[Start of section]

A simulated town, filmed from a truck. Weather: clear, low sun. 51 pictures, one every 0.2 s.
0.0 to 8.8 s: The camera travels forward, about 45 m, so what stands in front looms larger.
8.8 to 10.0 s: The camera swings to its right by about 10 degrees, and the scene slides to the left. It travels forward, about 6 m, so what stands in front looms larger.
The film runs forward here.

[End of section]
[Start of section]

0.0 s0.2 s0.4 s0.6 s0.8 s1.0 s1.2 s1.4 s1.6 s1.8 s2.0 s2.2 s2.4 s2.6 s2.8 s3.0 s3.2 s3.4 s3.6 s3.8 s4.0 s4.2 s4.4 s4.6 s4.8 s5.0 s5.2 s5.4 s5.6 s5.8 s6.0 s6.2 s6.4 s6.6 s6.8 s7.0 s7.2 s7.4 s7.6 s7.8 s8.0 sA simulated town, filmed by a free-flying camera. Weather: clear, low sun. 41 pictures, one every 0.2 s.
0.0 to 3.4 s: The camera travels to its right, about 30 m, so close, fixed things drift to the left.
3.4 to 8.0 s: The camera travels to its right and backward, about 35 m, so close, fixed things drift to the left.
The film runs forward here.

[End of section]
[Start of section]

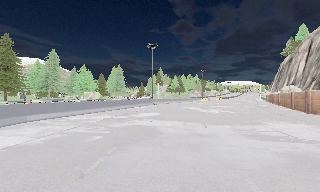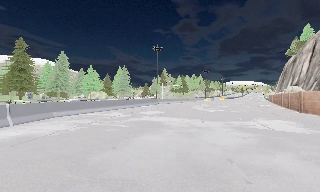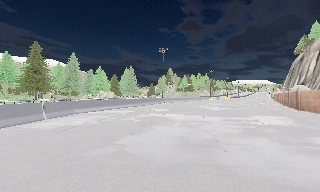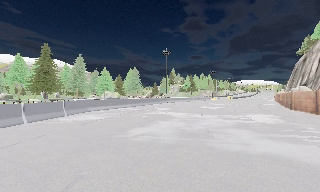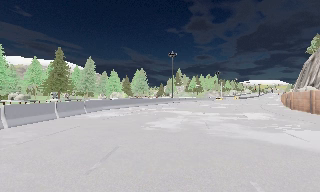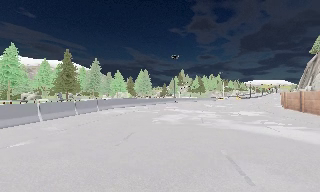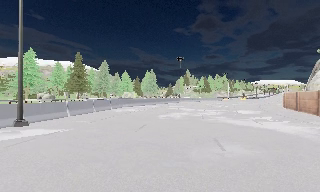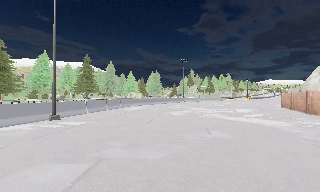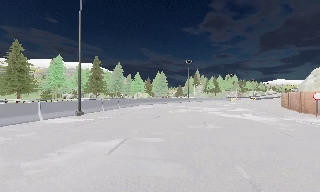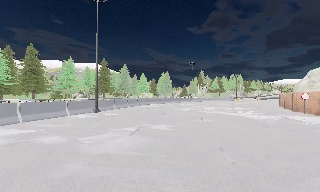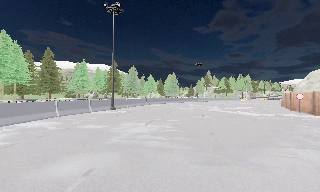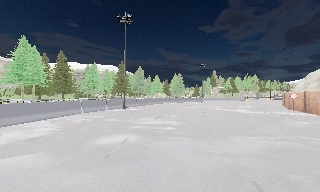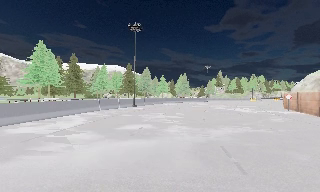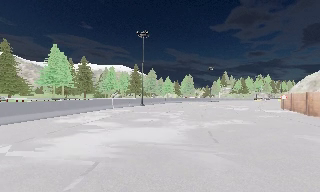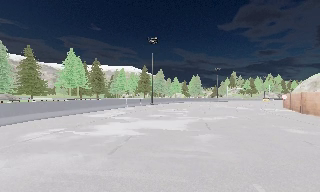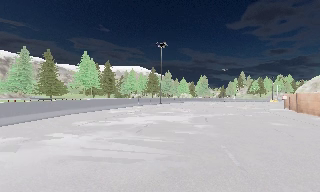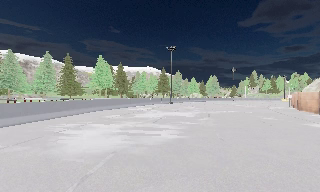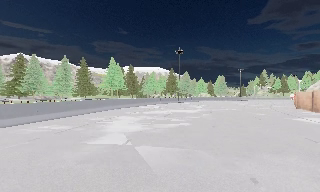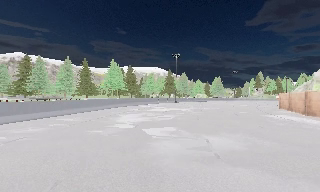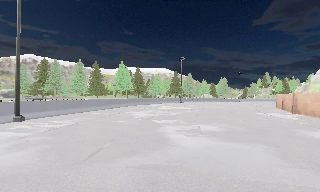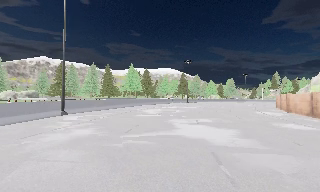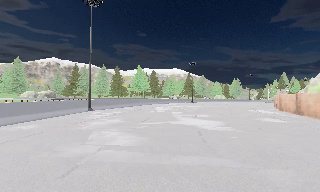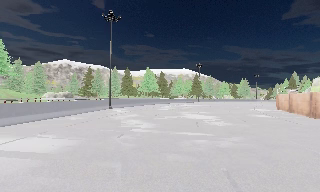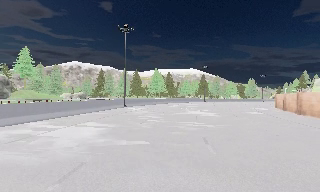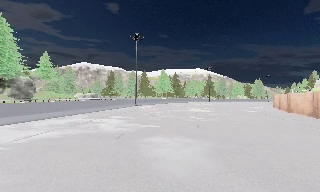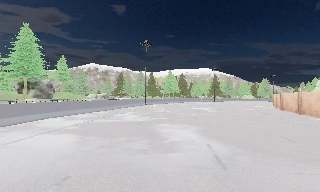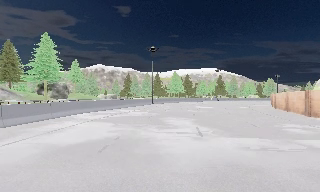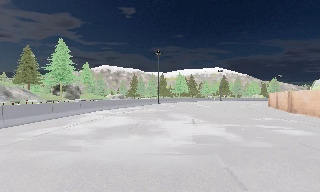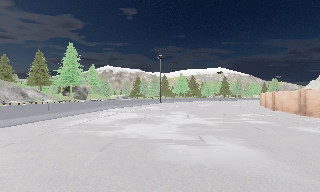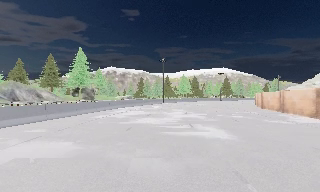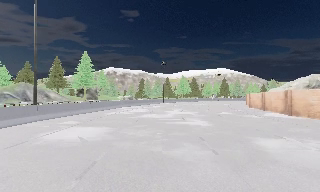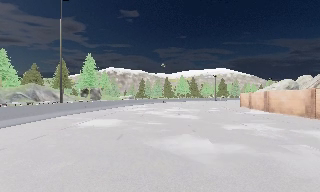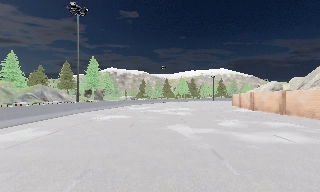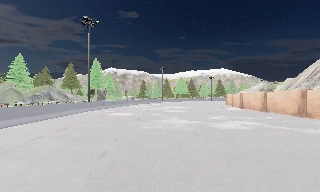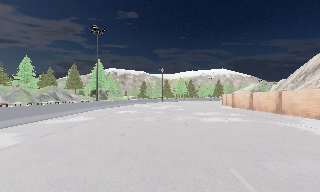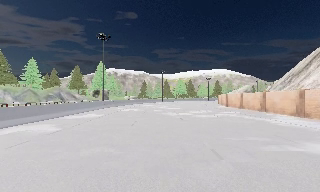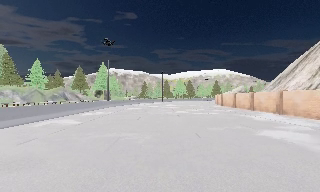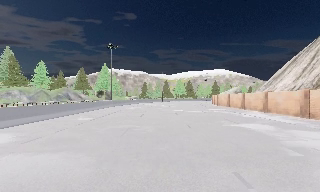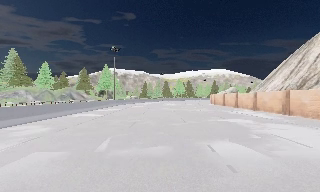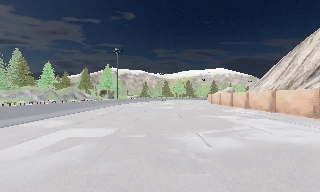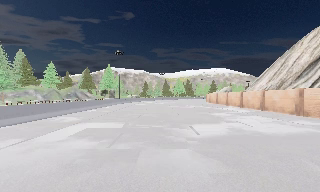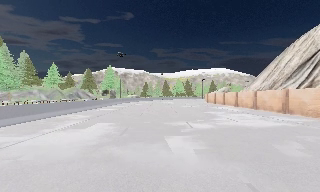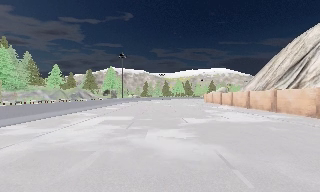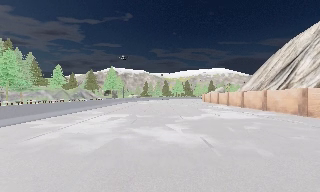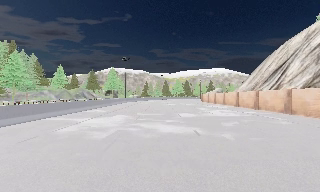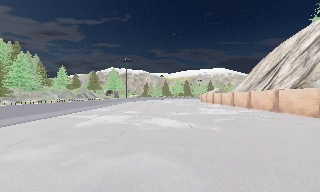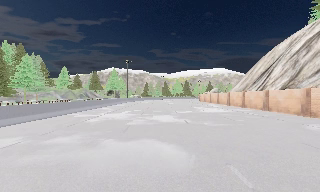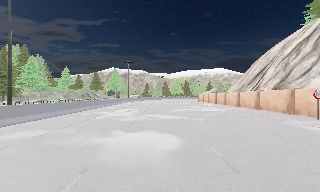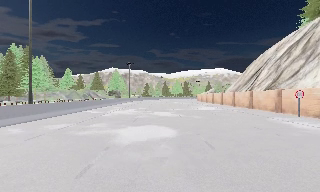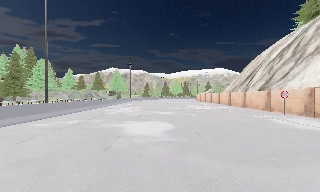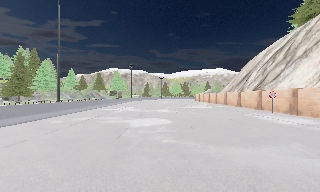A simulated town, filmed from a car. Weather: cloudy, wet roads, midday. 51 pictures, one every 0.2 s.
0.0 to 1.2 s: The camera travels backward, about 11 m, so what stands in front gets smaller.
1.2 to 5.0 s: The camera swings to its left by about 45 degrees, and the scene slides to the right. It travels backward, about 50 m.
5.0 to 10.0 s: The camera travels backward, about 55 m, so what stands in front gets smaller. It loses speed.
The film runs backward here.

[End of section]

Filter the preceding entries down to the lines with "clear".

A simulated town, filmed from a truck. Weather: clear, low sun. 51 pictures, one every 0.2 s.
0.0 s0.2 s0.4 s0.6 s0.8 s1.0 s1.2 s1.4 s1.6 s1.8 s2.0 s2.2 s2.4 s2.6 s2.8 s3.0 s3.2 s3.4 s3.6 s3.8 s4.0 s4.2 s4.4 s4.6 s4.8 s5.0 s5.2 s5.4 s5.6 s5.8 s6.0 s6.2 s6.4 s6.6 s6.8 s7.0 s7.2 s7.4 s7.6 s7.8 s8.0 sA simulated town, filmed by a free-flying camera. Weather: clear, low sun. 41 pictures, one every 0.2 s.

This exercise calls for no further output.